Order in a Messy World

In today’s casual, open-plan office where teamwork and flexibility are prized, hierarchy is often seen as too rigid, a Mad Men-like relic as productive as a threemartini lunch. But according to research from Aaron Kay, associate professor of management at Fuqua, employees may actually perform better in more traditionally structured organizations.

“Hierarchy can be full of injustice,” Kay says. “But for some tasks and goals, people are better able to do their jobs in that environment than a more egalitarian set-up.”

In a paper published in the June issue of The Journal of Personality and Social Psychology, Kay and his collaborators tested the compensatory control theory, which states that people prefer environments they perceive to be structured and orderly rather than random or chaotic, to find out how it might apply to the workplace.

Through a series of experiments, Kay and his fellow researchers found that when an individual’s sense of personal control is reduced, he or she craves hierarchy in external circumstances.
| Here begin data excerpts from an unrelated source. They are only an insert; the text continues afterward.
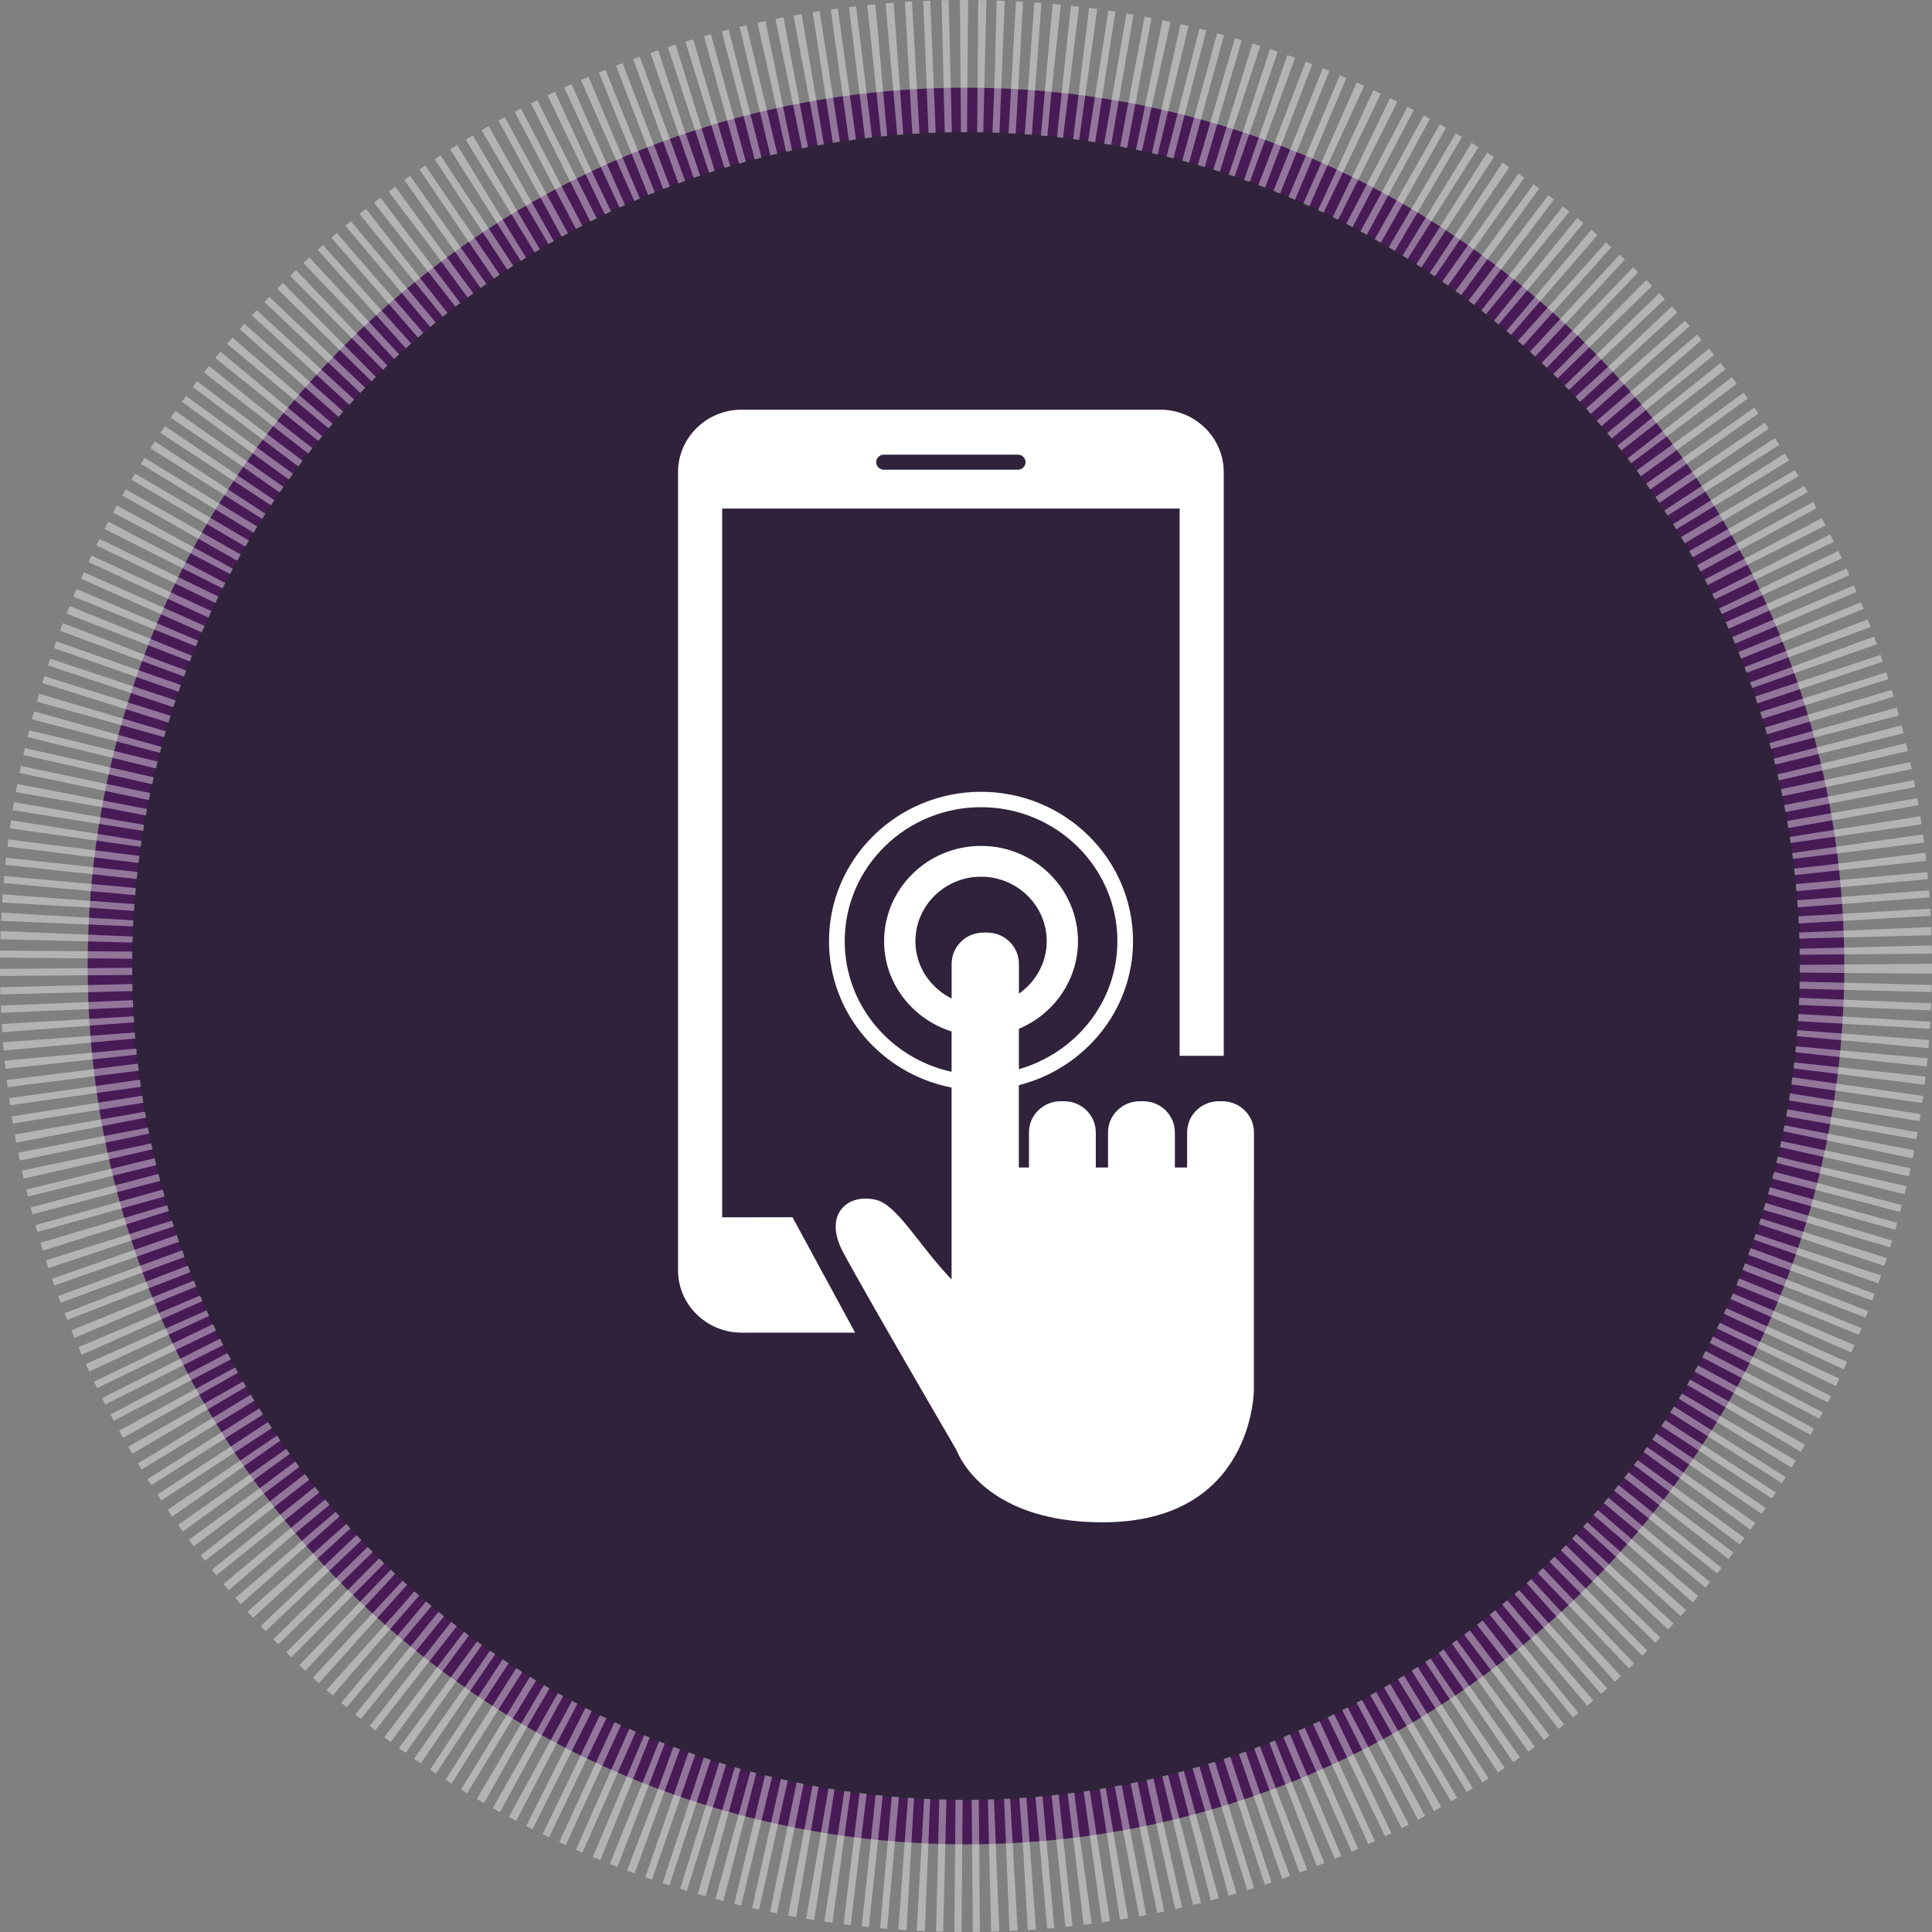 <?xml version="1.0" encoding="utf-8"?>
<!-- Generator: Adobe Illustrator 16.0.0, SVG Export Plug-In . SVG Version: 6.00 Build 0)  -->
<!DOCTYPE svg PUBLIC "-//W3C//DTD SVG 1.1//EN" "http://www.w3.org/Graphics/SVG/1.1/DTD/svg11.dtd">
<svg version="1.1" id="Layer_1" xmlns="http://www.w3.org/2000/svg" xmlns:xlink="http://www.w3.org/1999/xlink" x="0px" y="0px"
	 width="190px" height="190px" viewBox="0 0 190 190" enable-background="new 0 0 190 190" xml:space="preserve">
<rect x="0" y="0" width="190" height="190" fill="#808080" stroke="none"/>
<g id="Oval_8_">
	<g id="path-1_22_">
		<path fill="#30223A" d="M95,179.225c-46.441,0-84.225-37.783-84.225-84.225S48.559,10.775,95,10.775S179.225,48.559,179.225,95
			S141.441,179.225,95,179.225z"/>
		<path fill="#481B57" d="M95,12.925c45.256,0,82.075,36.819,82.075,82.075S140.256,177.075,95,177.075S12.925,140.256,12.925,95
			S49.744,12.925,95,12.925 M95,8.625C47.297,8.625,8.625,47.298,8.625,95c0,47.703,38.672,86.375,86.375,86.375
			S181.375,142.703,181.375,95C181.375,47.298,142.703,8.625,95,8.625L95,8.625z"/>
	</g>
</g>
<circle id="path-1_21_" opacity="0.4" fill="none" stroke="#FFFFFF" stroke-width="13" stroke-dasharray="0.7,1" cx="95" cy="95" r="88.5"/>
<path id="Shape_13_" fill="#FFFFFF" d="M71.021,119.714V50.015h44.986v53.815h4.339V46.42c0-3.371-2.807-6.13-6.24-6.13H72.921
	c-3.433,0-6.241,2.759-6.241,6.13v78.512c0,3.369,2.809,6.126,6.241,6.126h11.175l-6.158-11.347L71.021,119.714L71.021,119.714z
	 M86.924,44.711h13.179c0.416,0,0.751,0.329,0.751,0.744c0,0.407-0.335,0.737-0.751,0.737H86.924c-0.414,0-0.757-0.33-0.757-0.737
	C86.167,45.04,86.512,44.711,86.924,44.711z M123.32,112.123v-0.759c0-1.687-1.395-3.065-3.122-3.065h-0.329
	c-1.731,0-3.122,1.379-3.122,3.064v0.76v2.694h-1.206v-2.694v-0.76c0-1.686-1.393-3.064-3.115-3.064h-0.34
	c-1.719,0-3.119,1.379-3.119,3.064v3.454h-1.203v-3.454c0-1.686-1.396-3.064-3.119-3.064h-0.334c-1.727,0-3.121,1.379-3.121,3.064
	v0.76v2.694h-0.994v-8.095c6.438-1.635,11.229-7.339,11.229-14.164c0-8.104-6.708-14.69-14.947-14.69
	c-8.242,0-14.951,6.589-14.951,14.69c0,7.123,5.197,13.063,12.055,14.396v7.874v3.641v7.364c-3.326-3.484-5.338-7.367-7.49-7.849
	c-2.782-0.634-5.126,1.468-3.207,5.108c1.927,3.639,11.133,19.44,11.147,19.459c1.218,2.904,5.143,7.161,14.413,7.158
	c14.867,0.003,14.867-13.031,14.867-13.031v-18.817c0-0.011,0.008-0.018,0.008-0.029v-5.709H123.32z M97.064,91.713l-0.34-0.002
	c-1.736,0-3.138,1.379-3.138,3.088v3.399c-2.104-1.051-3.561-3.169-3.561-5.636c0-3.495,2.895-6.344,6.453-6.344
	c3.562,0,6.461,2.845,6.461,6.344c0,2.128-1.092,4.012-2.733,5.158v-2.922C100.203,93.09,98.804,91.711,97.064,91.713z
	 M83.072,92.559c0-7.266,6.014-13.177,13.407-13.177c7.396,0,13.41,5.911,13.41,13.177c0,5.987-4.113,10.991-9.688,12.589v-3.971
	c3.41-1.43,5.811-4.753,5.811-8.618c0-5.166-4.275-9.369-9.533-9.369s-9.534,4.203-9.534,9.369c0,4.162,2.801,7.664,6.639,8.877
	v3.97C87.584,104.095,83.072,98.843,83.072,92.559z"/>
</svg>

This held true even for those subjects who described equality as a more fair workplace model than a hierarchy.

That doesn’t mean that a conventional top-down power structure will necessarily boost productivity and reduce employee turnover, warns Kay. “People who work in a hierarchical workplace lacking in procedural justice often end up feeling like they have less control,” he says. “If people feel the hierarchy is arbitrary and unfair, the benefits quickly disappear.”